Okay. Jeff, I mean, when should we start to expect meaningful revenue contribution from U.S. and also Europe?

Yes. I mean we -- again, we didn't provide revenue guidance for GIVLAARI for the year, but we will expect to start seeing meaningful revenue from Q1 onwards, and we look forward to providing a lot more detail on the Q1 call in terms of what you should expect. I would say, some similar kind of detail that we provided on ONPATTRO, which was start forms, which we think is a good leading indicator for demand in the U.S. for a period of time until more meaningful revenue kicks in. We'll certainly provide that probably for at least the first couple of quarters as well as commercial patients on therapy. We'll continue to provide that kind of detail for GIVLAARI as well. So more to come here quite soon on GIVLAARI.

What will be your thoughts on the pricing in Europe?

We're not commenting on that yet. It's early days. But in terms of approach, I think the approach that we would take in terms of list price is, what we did with ONPATTRO, we would expect to have a fairly tight sort of band there. But more to come as we make progress. We're early days.

Okay. Great. And then quickly on lumasiran. So what are the key strategies you can apply to increase patient diagnosis? And in 3,000 to 5,000 U.S., EU patients, how many already diagnosed?
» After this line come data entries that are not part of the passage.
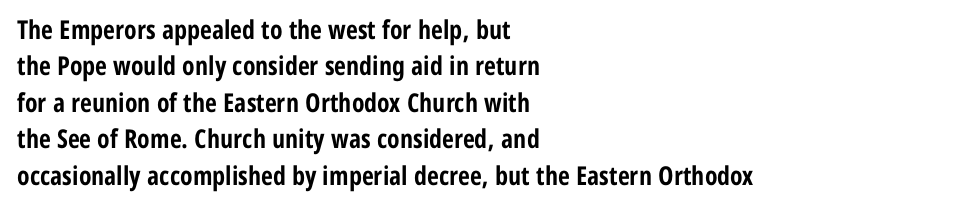
Characters remain perfectly vertical along every line. The passage is arranged the way most books set body copy — flush left. These lines sit exactly where default settings would place them. Nobody touched the tracking dial on this one. Descender tails drop into unmarked territory. Is the type bold? Yes — the strokes are clearly thick and heavy.
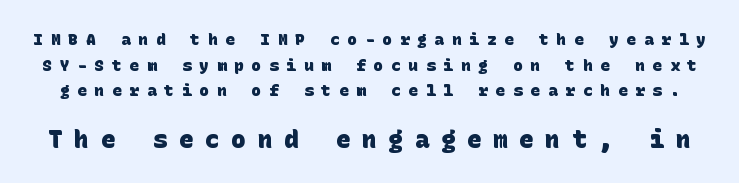
The image shows 24 px bold type; set normal line spacing (1.6x), unusually wide letter spacing (+0.49 em), not underlined; the second (bottom) block is 1.5x larger.
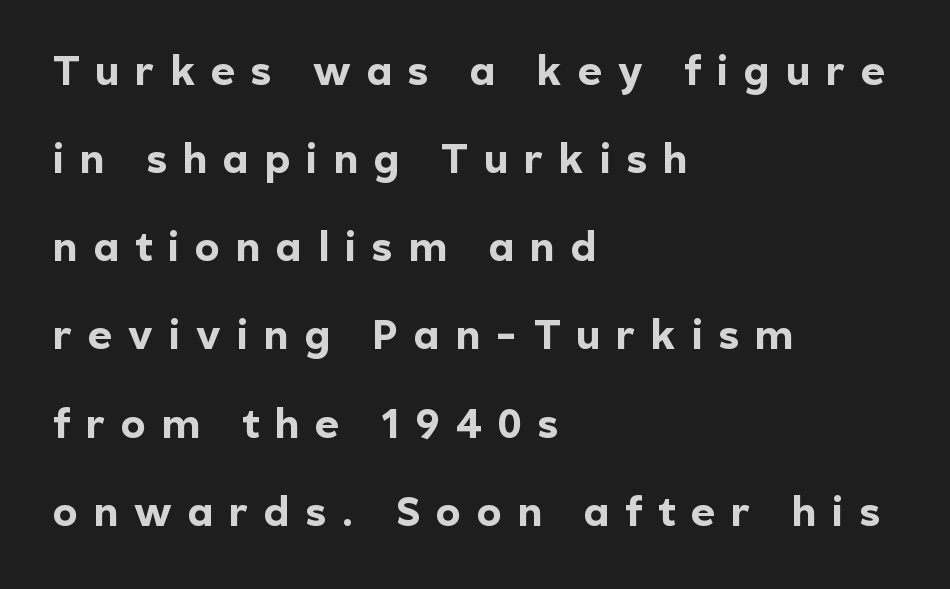
The face used here is proportionally spaced, like ordinary book or web type. Inter-character spacing is expanded well beyond the font's built-in metrics. The passage is arranged the way most books set body copy — flush left. Does the lettering tilt? It doesn't — this is upright. Regarding leading, the lines here are spaced well apart.
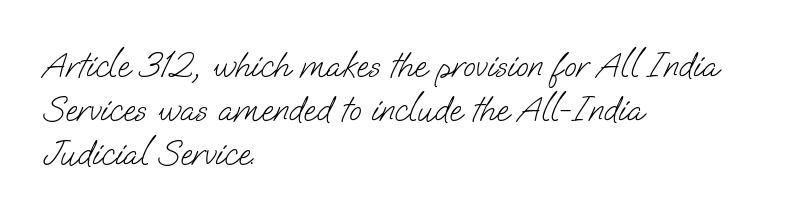
Q: Is the text bold? A: No.
Q: Is the typeface a serif or a sans-serif typeface? A: Sans-serif.
Q: Is the text underlined? A: No.
Q: How is the paragraph aligned? A: Left-aligned.
Q: Is the spacing between letters normal or unusually wide? A: Normal.
Q: Width (condensed, normal, or wide)? A: Normal.
Q: Stroke contrast? A: Low.
Q: x-height? A: Small.
Q: Monospaced? A: No.
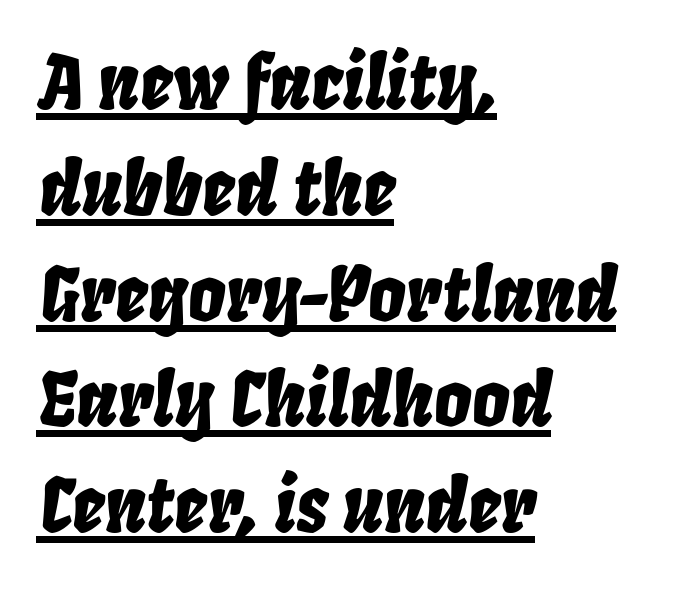
{"italic": "yes", "lean": "right", "slant_degrees": 8, "width": "condensed", "stroke_contrast": "low", "x_height": "large", "monospaced": "no", "underline": "yes", "align": "left", "line_spacing": "normal", "line_spacing_ratio": 1.43, "letter_spacing": "normal", "letter_spacing_em": 0.0, "glyph_px": 74}
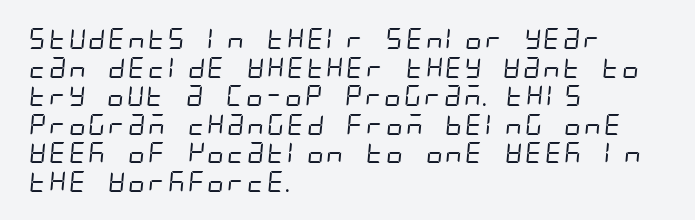
The image shows 21 px text type; set left-aligned, normal line spacing (1.36x), normal letter spacing, not underlined.
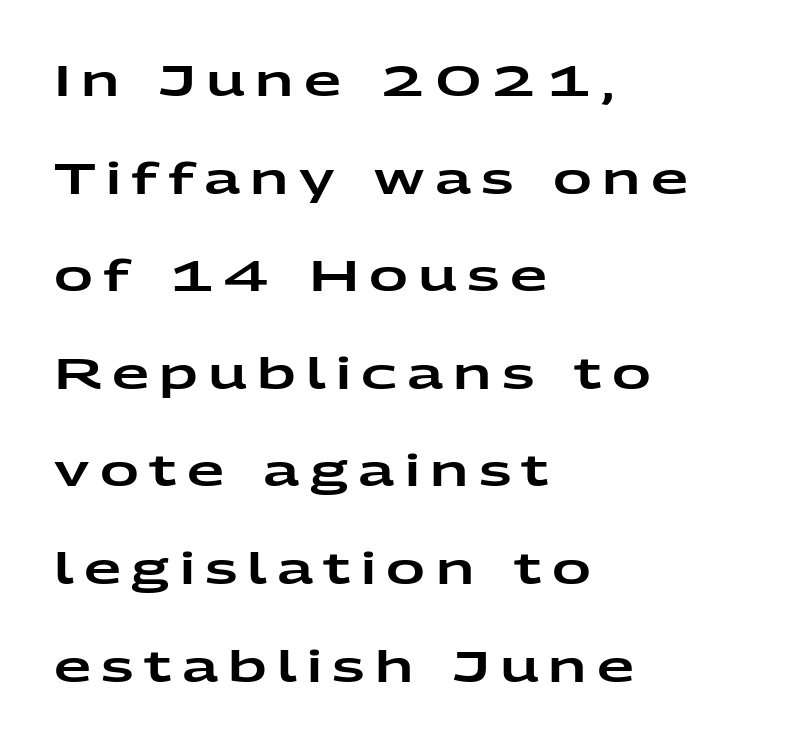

Yes. It's a good question. There's a few things that we're doing that I would say are learnings that we've taken from the ONPATTRO launch. And now, obviously, with the GIVLAARI underway, we're going to do some similar things. One thing is that we have opened up an EAP, an early access program in the U.S. And so we're actively working to get patients identified and get them into that program. Secondly, we'll have an Alnylam Act program in place, like we do for GIVLAARI and ONPATTRO, which allows us to support genetic testing to identify and get these patients diagnosed. That would be part of the approach that we'll take with lumasiran. And then I would say, all of the other things that are typical in an ultra-orphan launch from a medical education perspective are things that we'll do to increase education of the right physicians to identify patients more quickly. So again, more to come on that as we progress with the regulatory filing both in the U.S. and in the EU.

Great. So I know we are running out of time, just quick -- quickly, one last question regarding financials, also for Jeff. I think you also showed us on the Slide 7, the path to self sustainability. So wondering, 2020, although the growth in terms of a noncash, non-GAAP burn of the cost, actually the growth is slower than 2019, but the absolute number is still higher than 2019. So should we still -- for 2021, should we expect cash burn to decline over time or stay flat in 2021 and forward?

Yes. I mean, look, we're -- we've committed to as part of our guidance that we've talked about 2019 as a peak operating loss year. And so going forward, we expect to see improvement in that. I would say, operating income should be a reasonable proxy for cash flow. So we should start to see reductions in cash burn as we move forward as well. And again, just a reminder, we've got $1.5 billion of cash on the balance sheet at the end of 2019. So we think based on current operating plans that we've got multiple years of cash runway on the current balance sheet. Hopefully, that answers your question, Gena.

Okay. Maybe do you think the current cash can support you until you reach to profitability?

We're not saying that. At this point, we don't know how much additional cash may be required to get the profitability. I think the good thing is, from a financing perspective, we'll have additional optionality in terms of how we might want to bolster the balance sheet to support operations if the current $1.5 billion is not enough to get us to profitability. We talked about things like the possibility of monetizing the inclisiran royalty as one approach to do that. So it's good that we've got multiple options so that we can pick the most efficient, the most cost-effective way to do that if and when we decide it's time.

Great. Thank you very much, Jeff and Josh.

You're welcome.

Thanks, Gena.

All right. Take care.

Thank you. Thank you, everyone. This concludes our call.